Establish how many lines below contain the string "sendInd". Respond with that number alone.

─── EXTRACTED ENTRIES ───

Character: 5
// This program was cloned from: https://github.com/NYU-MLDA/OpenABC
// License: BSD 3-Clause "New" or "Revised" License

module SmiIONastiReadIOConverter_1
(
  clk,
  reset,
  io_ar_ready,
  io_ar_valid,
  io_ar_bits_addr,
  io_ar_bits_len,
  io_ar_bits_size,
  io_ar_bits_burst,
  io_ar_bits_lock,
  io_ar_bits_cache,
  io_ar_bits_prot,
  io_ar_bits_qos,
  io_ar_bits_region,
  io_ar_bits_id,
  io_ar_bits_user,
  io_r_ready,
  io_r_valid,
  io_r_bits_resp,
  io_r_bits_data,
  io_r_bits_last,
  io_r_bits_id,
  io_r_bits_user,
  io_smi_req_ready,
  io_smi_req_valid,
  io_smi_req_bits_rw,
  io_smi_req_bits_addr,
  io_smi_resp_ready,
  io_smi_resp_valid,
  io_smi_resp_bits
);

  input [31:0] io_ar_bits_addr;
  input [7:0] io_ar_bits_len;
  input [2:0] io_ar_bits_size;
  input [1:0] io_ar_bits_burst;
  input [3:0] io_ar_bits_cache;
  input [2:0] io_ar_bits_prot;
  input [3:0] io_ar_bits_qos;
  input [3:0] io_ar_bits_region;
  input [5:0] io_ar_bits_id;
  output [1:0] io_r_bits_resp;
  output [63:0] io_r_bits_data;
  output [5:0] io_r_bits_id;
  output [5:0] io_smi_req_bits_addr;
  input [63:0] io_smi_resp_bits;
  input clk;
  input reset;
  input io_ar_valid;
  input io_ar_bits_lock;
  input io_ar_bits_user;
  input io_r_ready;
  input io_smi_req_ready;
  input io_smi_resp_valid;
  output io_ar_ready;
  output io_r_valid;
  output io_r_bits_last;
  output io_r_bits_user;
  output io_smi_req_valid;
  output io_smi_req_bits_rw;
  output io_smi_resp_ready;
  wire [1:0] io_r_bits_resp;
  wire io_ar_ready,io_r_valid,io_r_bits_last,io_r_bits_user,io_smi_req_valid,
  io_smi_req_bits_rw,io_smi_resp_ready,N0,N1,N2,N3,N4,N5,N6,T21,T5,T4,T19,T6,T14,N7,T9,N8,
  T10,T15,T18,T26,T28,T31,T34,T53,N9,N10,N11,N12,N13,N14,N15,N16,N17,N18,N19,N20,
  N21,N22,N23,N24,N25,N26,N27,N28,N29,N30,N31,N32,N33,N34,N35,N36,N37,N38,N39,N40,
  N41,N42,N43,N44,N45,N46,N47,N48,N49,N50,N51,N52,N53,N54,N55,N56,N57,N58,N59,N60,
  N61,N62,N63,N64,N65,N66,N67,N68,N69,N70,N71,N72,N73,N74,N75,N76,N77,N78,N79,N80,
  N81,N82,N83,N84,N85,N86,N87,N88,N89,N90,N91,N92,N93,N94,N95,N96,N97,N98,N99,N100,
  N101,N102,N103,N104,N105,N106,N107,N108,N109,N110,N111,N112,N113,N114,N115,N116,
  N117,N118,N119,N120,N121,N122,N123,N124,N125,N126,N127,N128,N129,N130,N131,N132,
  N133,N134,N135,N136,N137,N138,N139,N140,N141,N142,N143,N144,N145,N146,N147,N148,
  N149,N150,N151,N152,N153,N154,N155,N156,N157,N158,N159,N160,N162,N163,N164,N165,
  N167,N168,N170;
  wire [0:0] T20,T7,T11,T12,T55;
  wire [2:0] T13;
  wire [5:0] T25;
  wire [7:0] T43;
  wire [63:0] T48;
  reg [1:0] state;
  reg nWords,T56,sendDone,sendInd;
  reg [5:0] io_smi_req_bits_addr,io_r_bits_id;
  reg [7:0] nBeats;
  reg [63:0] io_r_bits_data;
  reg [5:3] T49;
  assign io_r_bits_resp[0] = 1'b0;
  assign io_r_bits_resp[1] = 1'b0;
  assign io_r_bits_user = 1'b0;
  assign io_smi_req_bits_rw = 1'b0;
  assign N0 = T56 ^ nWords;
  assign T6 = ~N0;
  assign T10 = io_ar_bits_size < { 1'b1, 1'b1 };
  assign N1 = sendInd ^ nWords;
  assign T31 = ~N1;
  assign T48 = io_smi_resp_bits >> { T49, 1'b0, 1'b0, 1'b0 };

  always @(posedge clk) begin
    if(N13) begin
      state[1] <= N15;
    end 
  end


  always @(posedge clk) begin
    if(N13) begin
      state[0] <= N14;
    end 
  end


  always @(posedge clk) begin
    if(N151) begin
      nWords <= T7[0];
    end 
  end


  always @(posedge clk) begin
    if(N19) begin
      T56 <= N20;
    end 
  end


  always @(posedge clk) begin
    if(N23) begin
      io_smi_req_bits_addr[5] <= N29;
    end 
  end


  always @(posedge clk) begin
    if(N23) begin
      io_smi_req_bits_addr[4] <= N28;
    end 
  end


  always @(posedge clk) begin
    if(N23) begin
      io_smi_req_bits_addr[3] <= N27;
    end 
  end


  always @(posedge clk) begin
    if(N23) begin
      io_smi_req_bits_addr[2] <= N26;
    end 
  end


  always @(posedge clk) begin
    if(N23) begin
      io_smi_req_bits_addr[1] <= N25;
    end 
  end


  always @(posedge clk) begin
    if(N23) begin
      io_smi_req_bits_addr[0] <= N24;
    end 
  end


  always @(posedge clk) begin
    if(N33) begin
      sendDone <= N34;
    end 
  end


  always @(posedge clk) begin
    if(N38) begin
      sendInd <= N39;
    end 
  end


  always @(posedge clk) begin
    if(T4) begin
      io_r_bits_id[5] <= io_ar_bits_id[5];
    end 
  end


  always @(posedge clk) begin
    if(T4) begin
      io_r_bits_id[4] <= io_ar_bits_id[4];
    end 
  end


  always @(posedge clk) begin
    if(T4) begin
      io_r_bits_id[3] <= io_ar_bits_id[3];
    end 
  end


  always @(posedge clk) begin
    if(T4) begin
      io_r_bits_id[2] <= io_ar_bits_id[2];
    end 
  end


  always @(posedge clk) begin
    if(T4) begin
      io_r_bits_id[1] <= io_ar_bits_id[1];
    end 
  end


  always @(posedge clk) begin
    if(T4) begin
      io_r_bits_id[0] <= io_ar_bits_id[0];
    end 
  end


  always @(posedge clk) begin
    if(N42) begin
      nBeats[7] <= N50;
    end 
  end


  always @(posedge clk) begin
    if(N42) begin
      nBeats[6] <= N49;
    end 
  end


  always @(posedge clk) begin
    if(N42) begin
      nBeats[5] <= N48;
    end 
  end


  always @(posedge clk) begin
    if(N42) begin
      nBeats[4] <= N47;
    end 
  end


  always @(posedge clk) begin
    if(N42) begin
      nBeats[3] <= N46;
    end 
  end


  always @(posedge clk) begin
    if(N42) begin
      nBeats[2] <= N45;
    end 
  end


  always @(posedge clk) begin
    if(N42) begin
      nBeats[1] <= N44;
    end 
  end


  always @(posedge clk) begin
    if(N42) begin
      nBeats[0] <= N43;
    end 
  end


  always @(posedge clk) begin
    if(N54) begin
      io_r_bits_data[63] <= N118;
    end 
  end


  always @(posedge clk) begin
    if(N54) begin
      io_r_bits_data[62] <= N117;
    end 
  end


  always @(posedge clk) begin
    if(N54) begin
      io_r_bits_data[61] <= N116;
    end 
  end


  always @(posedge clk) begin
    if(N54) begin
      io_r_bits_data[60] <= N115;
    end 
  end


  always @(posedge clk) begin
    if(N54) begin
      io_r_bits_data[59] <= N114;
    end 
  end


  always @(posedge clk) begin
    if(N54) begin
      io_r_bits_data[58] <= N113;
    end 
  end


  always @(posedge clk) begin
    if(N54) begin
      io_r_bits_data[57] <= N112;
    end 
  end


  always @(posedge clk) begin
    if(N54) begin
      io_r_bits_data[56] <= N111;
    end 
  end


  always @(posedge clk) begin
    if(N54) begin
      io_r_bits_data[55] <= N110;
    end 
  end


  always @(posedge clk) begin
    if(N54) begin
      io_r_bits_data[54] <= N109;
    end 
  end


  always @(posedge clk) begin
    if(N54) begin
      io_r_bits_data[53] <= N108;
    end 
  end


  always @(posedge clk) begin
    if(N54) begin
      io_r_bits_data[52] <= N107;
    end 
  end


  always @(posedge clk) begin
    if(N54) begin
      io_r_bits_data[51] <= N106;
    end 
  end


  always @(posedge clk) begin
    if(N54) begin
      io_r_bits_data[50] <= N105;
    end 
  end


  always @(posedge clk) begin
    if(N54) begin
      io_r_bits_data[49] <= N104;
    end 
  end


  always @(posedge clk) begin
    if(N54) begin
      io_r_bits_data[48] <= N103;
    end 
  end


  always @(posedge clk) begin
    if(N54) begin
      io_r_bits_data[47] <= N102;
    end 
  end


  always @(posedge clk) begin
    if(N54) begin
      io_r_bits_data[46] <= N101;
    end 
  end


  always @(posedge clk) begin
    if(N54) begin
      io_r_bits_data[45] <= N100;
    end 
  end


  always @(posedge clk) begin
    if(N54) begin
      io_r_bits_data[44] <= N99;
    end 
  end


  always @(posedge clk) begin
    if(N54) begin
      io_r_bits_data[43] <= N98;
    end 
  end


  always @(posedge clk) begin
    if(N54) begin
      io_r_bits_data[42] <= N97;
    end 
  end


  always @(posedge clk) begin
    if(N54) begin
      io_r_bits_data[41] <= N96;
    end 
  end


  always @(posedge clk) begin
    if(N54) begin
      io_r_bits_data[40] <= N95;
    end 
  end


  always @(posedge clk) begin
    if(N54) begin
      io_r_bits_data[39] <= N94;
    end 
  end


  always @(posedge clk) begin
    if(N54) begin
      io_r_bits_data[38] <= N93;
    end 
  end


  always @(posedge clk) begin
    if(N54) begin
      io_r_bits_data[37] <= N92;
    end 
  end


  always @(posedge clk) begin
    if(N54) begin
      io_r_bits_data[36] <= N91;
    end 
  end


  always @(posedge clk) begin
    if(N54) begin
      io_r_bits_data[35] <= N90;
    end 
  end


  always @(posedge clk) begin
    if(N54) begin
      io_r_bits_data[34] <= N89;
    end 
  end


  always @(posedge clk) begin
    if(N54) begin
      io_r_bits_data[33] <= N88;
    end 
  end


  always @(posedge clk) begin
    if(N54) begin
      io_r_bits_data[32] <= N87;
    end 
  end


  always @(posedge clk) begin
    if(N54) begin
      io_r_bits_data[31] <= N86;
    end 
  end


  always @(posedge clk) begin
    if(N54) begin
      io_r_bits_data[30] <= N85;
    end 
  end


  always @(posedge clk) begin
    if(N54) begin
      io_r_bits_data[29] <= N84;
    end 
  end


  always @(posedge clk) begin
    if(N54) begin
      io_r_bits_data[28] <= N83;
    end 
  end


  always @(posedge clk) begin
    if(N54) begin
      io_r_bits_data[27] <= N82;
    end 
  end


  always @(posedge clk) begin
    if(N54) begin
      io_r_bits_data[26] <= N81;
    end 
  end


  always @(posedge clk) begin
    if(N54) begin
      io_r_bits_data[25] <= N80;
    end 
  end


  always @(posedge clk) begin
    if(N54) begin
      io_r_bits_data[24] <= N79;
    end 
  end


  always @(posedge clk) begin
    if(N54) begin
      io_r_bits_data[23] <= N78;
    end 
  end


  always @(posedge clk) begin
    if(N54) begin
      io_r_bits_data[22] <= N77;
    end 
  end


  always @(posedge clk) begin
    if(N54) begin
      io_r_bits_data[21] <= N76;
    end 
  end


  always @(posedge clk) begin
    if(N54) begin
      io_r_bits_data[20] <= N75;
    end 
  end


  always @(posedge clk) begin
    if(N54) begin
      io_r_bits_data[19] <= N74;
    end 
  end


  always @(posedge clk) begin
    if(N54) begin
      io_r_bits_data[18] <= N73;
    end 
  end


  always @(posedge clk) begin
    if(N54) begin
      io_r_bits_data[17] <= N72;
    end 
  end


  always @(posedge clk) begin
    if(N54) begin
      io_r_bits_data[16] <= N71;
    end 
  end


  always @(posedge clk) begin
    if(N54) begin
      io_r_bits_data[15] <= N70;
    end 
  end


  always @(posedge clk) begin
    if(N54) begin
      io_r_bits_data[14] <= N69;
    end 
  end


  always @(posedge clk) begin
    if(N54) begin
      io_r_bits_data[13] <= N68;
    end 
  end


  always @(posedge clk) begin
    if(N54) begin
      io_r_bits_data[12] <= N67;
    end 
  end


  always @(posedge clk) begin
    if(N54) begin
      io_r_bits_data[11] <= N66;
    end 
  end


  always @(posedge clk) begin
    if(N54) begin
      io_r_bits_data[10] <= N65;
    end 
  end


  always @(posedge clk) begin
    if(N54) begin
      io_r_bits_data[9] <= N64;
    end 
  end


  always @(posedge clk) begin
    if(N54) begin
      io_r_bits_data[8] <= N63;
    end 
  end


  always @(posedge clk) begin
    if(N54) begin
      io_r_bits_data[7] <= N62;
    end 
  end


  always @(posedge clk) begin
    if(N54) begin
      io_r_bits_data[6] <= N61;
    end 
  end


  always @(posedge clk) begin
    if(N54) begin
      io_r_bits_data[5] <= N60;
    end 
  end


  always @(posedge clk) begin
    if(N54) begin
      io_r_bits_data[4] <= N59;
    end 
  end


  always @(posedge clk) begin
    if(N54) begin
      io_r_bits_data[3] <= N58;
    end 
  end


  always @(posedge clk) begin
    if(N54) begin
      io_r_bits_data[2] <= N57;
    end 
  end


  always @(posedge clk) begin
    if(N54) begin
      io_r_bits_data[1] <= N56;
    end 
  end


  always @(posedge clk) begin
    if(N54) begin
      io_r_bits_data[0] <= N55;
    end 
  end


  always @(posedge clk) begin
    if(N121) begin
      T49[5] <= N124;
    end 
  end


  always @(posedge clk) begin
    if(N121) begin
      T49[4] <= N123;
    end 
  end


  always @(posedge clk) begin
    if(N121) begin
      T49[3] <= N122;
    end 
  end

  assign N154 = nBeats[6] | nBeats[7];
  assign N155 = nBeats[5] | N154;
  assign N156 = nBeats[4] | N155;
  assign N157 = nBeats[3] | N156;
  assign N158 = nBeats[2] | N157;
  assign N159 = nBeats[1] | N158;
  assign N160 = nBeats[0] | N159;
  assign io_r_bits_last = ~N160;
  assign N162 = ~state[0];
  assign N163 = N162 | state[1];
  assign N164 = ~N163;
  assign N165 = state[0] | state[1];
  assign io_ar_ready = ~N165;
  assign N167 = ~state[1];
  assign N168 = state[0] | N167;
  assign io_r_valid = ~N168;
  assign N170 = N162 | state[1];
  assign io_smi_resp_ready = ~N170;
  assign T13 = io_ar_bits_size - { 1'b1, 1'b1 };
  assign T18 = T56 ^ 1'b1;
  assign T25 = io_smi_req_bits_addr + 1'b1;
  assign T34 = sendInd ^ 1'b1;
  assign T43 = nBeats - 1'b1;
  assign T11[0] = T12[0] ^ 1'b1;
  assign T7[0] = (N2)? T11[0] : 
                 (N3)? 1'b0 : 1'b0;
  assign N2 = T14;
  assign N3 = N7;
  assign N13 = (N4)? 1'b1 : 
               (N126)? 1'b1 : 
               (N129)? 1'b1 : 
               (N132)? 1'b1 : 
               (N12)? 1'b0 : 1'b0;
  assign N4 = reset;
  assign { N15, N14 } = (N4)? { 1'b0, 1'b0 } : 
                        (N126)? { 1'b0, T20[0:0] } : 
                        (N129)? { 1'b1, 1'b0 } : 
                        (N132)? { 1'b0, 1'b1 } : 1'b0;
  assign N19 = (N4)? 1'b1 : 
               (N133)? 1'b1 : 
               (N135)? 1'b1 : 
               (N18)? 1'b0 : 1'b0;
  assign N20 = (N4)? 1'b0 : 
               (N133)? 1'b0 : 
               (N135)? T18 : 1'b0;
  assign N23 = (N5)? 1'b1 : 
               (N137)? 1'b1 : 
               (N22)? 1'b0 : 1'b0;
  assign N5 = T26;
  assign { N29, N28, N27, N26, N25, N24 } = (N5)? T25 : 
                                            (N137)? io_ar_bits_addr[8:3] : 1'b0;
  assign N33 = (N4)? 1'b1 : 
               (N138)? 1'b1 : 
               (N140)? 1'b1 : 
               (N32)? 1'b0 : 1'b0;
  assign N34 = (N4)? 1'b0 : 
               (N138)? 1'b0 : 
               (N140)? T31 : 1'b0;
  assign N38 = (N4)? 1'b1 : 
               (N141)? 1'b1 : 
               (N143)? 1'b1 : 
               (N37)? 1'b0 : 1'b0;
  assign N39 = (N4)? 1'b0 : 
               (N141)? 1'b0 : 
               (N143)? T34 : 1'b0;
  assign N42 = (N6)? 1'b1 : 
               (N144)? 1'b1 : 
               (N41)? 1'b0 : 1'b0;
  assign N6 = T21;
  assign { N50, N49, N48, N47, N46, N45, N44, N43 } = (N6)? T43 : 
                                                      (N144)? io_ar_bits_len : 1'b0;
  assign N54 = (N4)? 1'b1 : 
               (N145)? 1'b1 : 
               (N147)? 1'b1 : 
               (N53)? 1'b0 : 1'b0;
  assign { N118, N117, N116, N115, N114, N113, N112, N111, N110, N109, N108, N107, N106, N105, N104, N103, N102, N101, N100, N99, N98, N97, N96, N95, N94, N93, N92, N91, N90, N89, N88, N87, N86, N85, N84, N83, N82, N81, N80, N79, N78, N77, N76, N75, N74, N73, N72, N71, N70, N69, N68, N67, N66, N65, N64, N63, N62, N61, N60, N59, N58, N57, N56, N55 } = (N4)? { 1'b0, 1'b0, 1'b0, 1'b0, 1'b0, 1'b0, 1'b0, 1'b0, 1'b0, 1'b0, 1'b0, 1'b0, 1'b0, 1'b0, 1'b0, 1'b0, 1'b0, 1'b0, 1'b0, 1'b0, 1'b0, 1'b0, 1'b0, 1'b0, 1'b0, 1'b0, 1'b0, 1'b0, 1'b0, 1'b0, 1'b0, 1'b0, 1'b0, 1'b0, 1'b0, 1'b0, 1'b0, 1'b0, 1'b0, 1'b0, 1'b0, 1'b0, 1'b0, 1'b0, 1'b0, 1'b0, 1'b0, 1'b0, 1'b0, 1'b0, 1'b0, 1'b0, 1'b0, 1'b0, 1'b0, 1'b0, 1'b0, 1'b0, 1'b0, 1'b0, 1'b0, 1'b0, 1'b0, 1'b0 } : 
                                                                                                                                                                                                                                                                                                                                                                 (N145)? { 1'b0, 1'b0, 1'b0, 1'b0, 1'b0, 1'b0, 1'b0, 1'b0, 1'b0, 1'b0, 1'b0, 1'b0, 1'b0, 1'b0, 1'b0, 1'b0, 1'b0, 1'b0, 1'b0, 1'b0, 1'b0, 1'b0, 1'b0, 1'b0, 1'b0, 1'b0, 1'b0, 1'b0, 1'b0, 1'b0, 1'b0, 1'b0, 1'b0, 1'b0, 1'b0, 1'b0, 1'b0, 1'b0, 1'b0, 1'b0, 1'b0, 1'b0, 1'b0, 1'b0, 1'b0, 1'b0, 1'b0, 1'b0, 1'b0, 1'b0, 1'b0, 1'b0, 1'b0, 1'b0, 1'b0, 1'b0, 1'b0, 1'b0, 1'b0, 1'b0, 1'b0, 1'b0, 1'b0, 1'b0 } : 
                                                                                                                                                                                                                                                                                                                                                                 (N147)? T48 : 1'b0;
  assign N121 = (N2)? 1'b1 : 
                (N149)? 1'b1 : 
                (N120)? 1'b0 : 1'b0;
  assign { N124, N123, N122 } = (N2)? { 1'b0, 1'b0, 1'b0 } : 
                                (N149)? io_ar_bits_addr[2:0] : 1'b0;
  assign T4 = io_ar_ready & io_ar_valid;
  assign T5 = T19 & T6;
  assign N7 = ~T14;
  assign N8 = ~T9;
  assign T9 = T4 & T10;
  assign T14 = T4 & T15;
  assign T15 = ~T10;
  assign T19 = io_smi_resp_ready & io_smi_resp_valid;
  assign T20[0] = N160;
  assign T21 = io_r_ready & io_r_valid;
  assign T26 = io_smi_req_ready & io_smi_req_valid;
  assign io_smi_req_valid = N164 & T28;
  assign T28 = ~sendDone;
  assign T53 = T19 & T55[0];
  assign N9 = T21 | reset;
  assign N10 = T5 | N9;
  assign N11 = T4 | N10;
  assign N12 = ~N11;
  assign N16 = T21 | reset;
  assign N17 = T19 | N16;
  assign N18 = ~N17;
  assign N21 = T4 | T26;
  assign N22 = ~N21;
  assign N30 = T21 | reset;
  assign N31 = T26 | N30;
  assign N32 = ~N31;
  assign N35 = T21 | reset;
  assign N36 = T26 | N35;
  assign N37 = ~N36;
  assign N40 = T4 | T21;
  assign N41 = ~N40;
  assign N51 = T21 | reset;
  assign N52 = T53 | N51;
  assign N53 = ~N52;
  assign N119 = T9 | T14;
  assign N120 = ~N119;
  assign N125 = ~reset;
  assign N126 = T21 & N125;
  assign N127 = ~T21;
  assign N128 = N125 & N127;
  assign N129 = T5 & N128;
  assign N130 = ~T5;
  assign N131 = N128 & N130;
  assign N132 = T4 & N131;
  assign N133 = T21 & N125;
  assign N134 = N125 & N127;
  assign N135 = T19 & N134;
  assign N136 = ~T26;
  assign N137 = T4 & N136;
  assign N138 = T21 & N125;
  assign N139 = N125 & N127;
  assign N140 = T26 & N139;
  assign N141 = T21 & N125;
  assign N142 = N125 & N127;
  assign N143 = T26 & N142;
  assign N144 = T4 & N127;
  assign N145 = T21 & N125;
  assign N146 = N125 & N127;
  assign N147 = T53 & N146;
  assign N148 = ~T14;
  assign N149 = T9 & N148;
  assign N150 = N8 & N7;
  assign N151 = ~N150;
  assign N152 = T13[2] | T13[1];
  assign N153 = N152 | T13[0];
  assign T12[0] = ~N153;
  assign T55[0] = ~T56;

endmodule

───

SOLVED PROBLEM >>
4